CRN Responses to The New England Journal of Medicine Study on effectiveness of DHEA supplementation
October 18, 2006
The Council for responsible Nutrition (CRN) has responded to a New England Journal of Medicine published study which observed limited or no value to suppplementation with DHEA.
“This is the longest duration human supplementation trial confirming the safety of relatively high-dose DHEA in both men and women and we are encouraged by those results, particularly because there is a need for safe bone builders in this age group. Further, the study found small but significant increases in bone mineral density, consistent with the body of clinical trials on DHEA. The lack of other significant effects in an elderly population is surprising as that is inconsistent with the published research. This study did not look at other clinically relevant outcomes where DHEA has been to shown to provide benefit, such as libido and sexual performance.” Andrew Shao, Ph.D., Council for Responsible Nutrition
CRN Study analysis
2. DHEA in Elderly Women and DHEA or Testosterone in Elderly Men—CRN Analysis
Nair et al., October 19, 2006
vol. 355 no. 16
New England Journal of Medicine
Study design and parameters
Placebo-controlled, randomized, double-blind study involving elderly men (n = 87) and elderly women (n = 57).
Subjects received either oral DHEA (75 mg/day, men; 50 mg/day, women), testosterone (5 mg/day, men, delivered by patch) or placebo over a 2-year period.
Outcome measures included physical performance, body composition, bone mineral density (BMD), glucose tolerance, serum lipid and hormone levels, adverse effects and quality of life.
Relevant findings
Both men and women receiving oral DHEA experienced a significant increase in serum levels of sulfated DHEA.
Women receiving DHEA experienced a significant increase in testosterone levels.
Men receiving low-dose testosterone therapy experienced a significant increase in testosterone levels.
There were no significant effects of DHEA in either men or women on body-composition measurements, peak volume of oxygen consumed per minute, muscle strength, or insulin sensitivity.
Men in both treatment groups experienced a significant increase in bone mineral density (BMD) at the femoral neck.
Women who received DHEA experienced a significant increase in BMD at the ultradistal radius.
Neither treatment improved the quality of life or had major adverse effects.
Comments
This is the longest duration human supplementation trial confirming the safety of relatively high-dose DHEA in both men and women. There were no drastic changes in potentially carcinogenic hormones (testosterone and estradiol), no changes in prostate-specific antigen (PSA) or prostate volume (indicating no increased prostate cancer in men, and no increase in breast cancer in women). An “adverse effect” often attributed to DHEA supplementation is decreased HDL levels. In this study, there was a small and statistically significant but not clinically relevant reduction in HDL levels, a finding given almost no attention by the study authors. This finding of safety is the most important outcome of this study, and should not be discounted.

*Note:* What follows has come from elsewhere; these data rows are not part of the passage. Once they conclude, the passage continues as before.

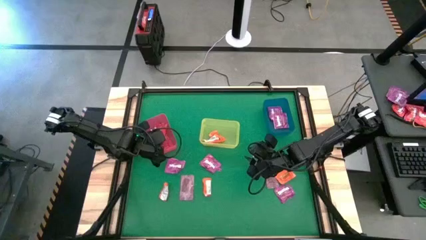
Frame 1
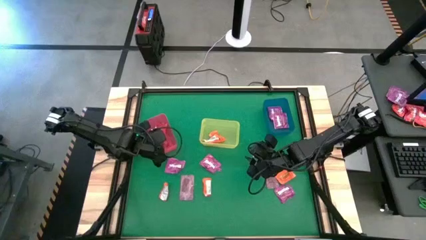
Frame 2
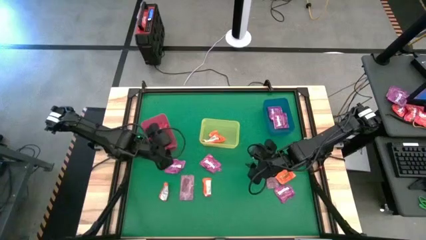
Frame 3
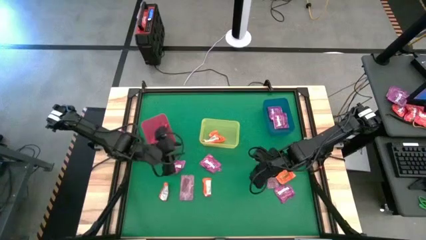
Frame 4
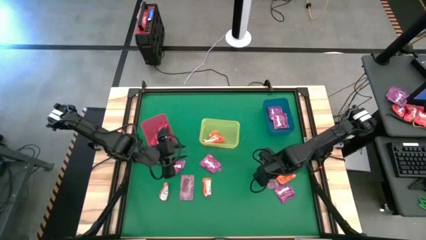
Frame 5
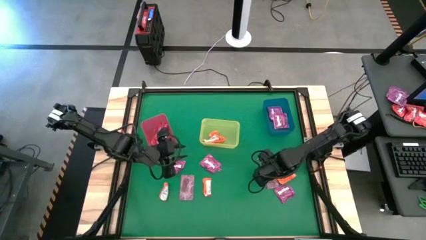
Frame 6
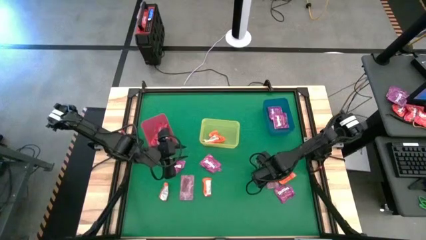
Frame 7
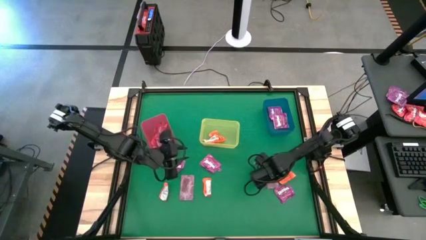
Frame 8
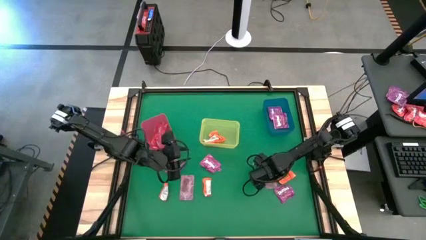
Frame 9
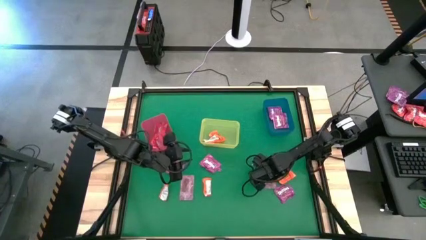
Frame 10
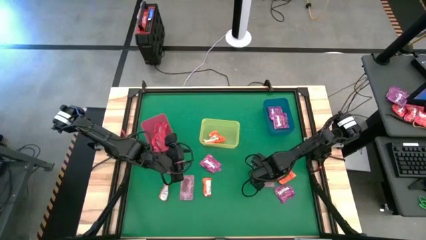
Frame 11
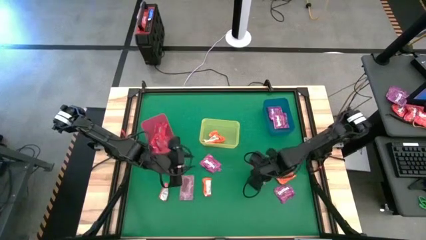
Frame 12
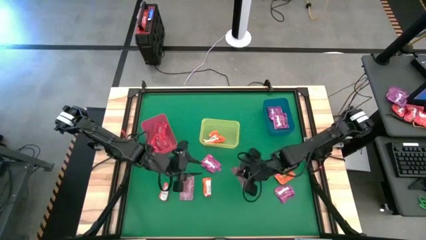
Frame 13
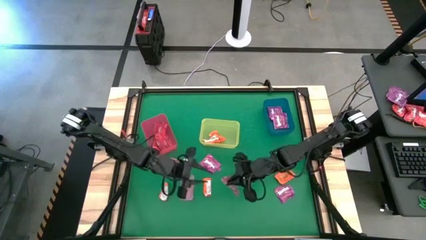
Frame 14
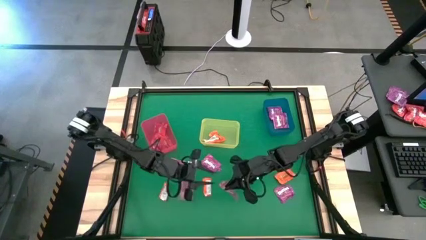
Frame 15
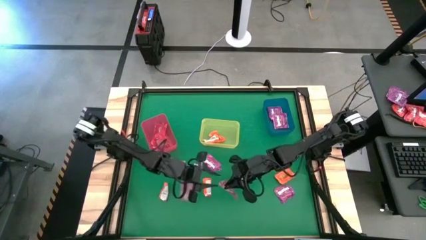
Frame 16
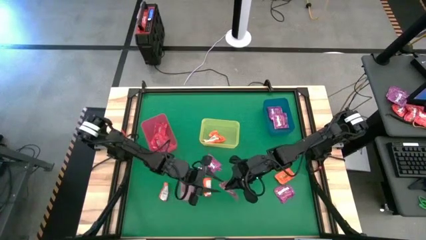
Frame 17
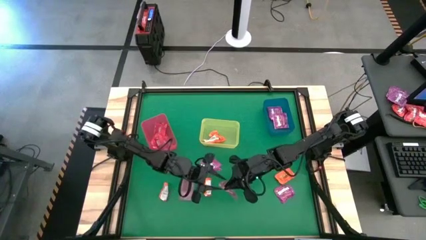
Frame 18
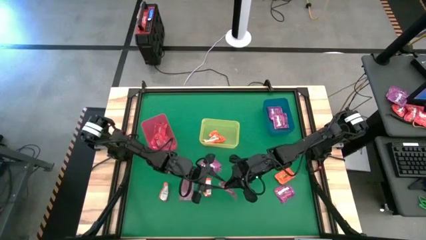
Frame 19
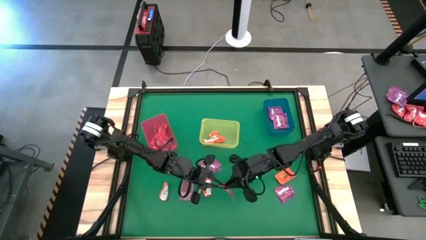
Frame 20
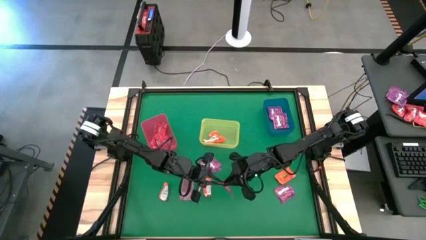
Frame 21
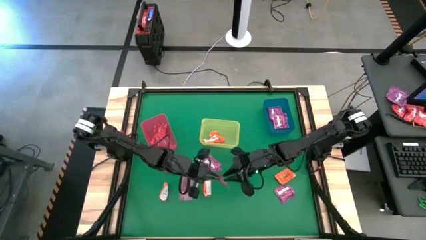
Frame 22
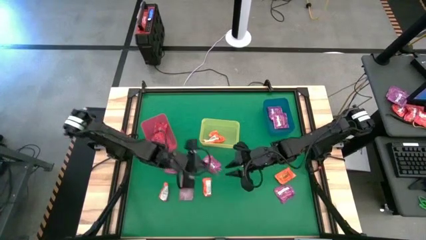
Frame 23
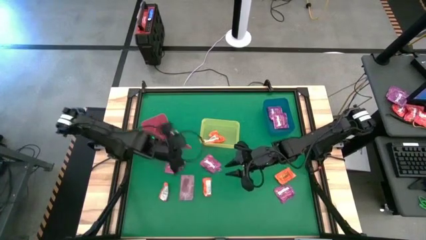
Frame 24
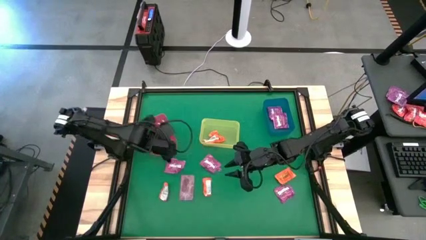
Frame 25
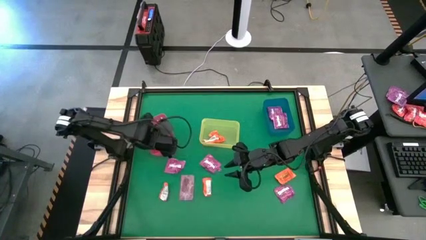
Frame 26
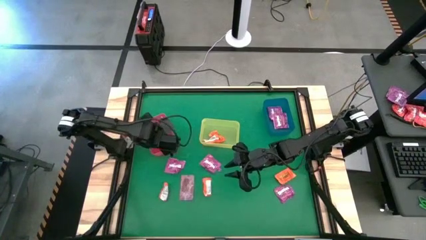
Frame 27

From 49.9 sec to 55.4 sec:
Task: Sort candy by brand, put in halloween buckets
Put the red candy into the red bin

Small but significant increases were observed in BMD for both men and women, a finding that is consistent with past studies using DHEA. However, the lack of significant effects on other relevant outcome measures is inconsistent with the body of evidence for DHEA in an elderly population. There are more than 60 published clinical trials on DHEA supplements and the elderly.
Study limitations
The study authors (and the accompanying editorial by Paul Stewart) downplay the effects observed on BMD in comparison to those achieved by prescription drugs, despite the desperate need for safe bone builders in this age group.
The researchers failed to report the reduction in fracture rates that would be associated with the observed BMD improvement – over time, this would likely translate into a substantial decrease in fracture risk.

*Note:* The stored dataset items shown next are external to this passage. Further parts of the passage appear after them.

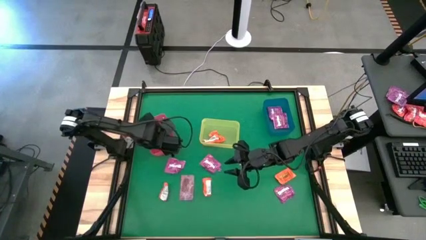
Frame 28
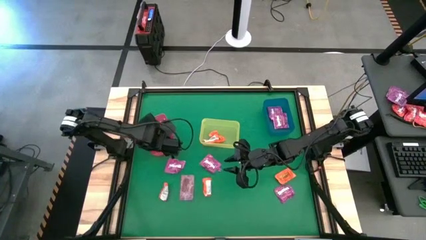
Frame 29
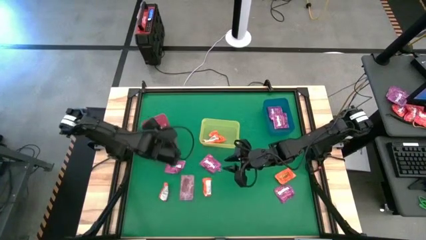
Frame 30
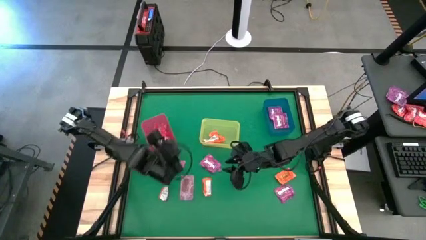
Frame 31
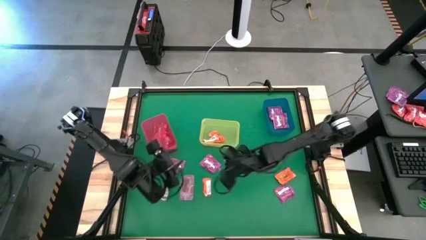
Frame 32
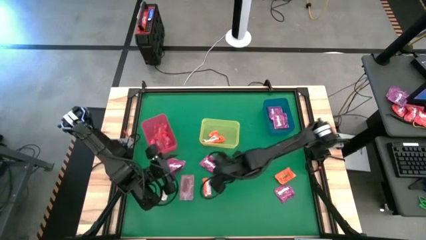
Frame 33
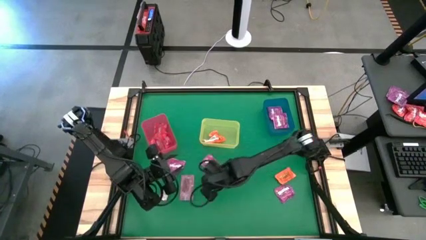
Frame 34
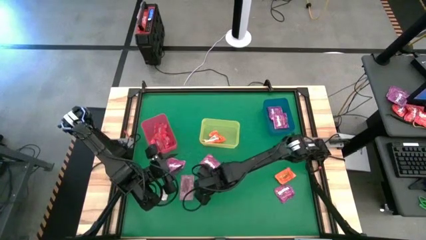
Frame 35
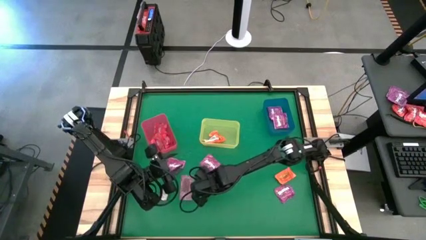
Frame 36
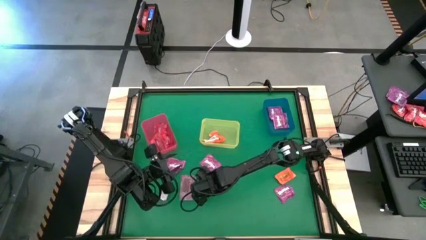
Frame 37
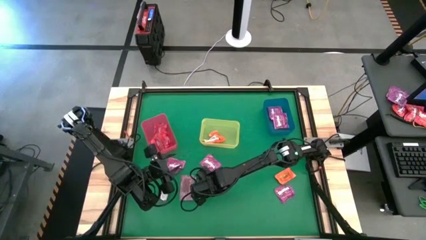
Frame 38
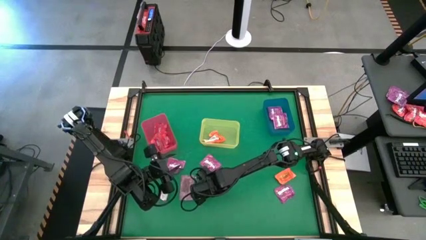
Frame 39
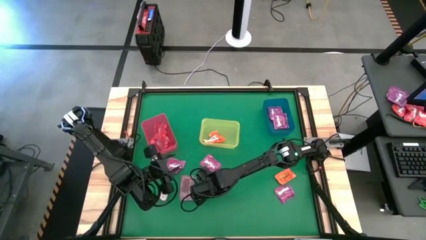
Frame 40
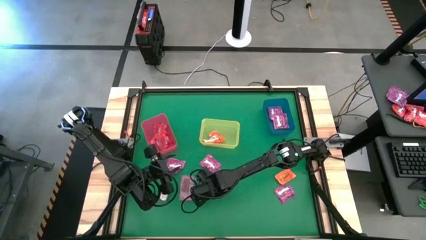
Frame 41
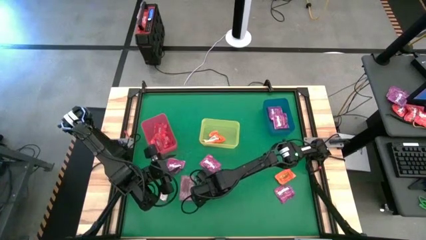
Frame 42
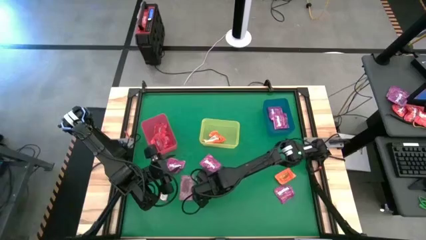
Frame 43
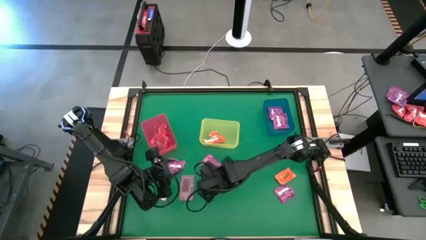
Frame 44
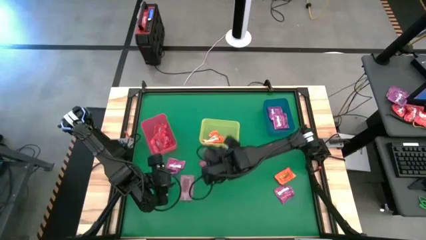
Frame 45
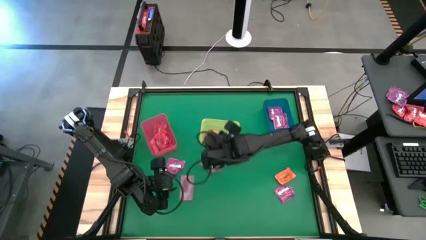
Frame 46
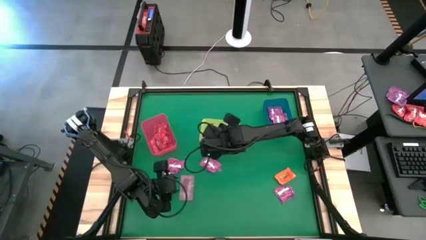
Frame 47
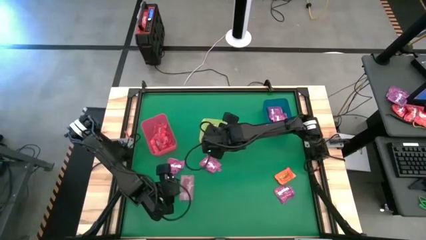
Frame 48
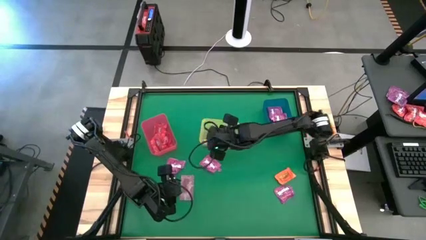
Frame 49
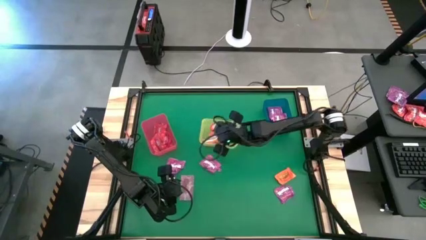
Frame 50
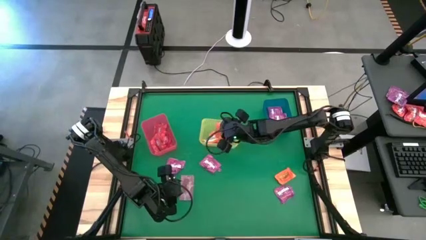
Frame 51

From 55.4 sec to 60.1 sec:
Put the orange chocolate into the yellow bin

Regarding quality of life (QOL), the baseline scores are considered relatively high (i.e. the subjects already felt good), suggesting that there may have been little or no room for improvement, i.e. a “ceiling effect”.
Researchers did not look at other clinically relevant outcomes where DHEA has been shown to provide benefit, such as libido and sexual performance.
Also, DHEA levels have been shown to be inversely related to mortality risk in the elderly and this study did not examine mortality or morbidity risk as an outcome measure (however, the 2-year duration may have been too short to detect any differences anyway).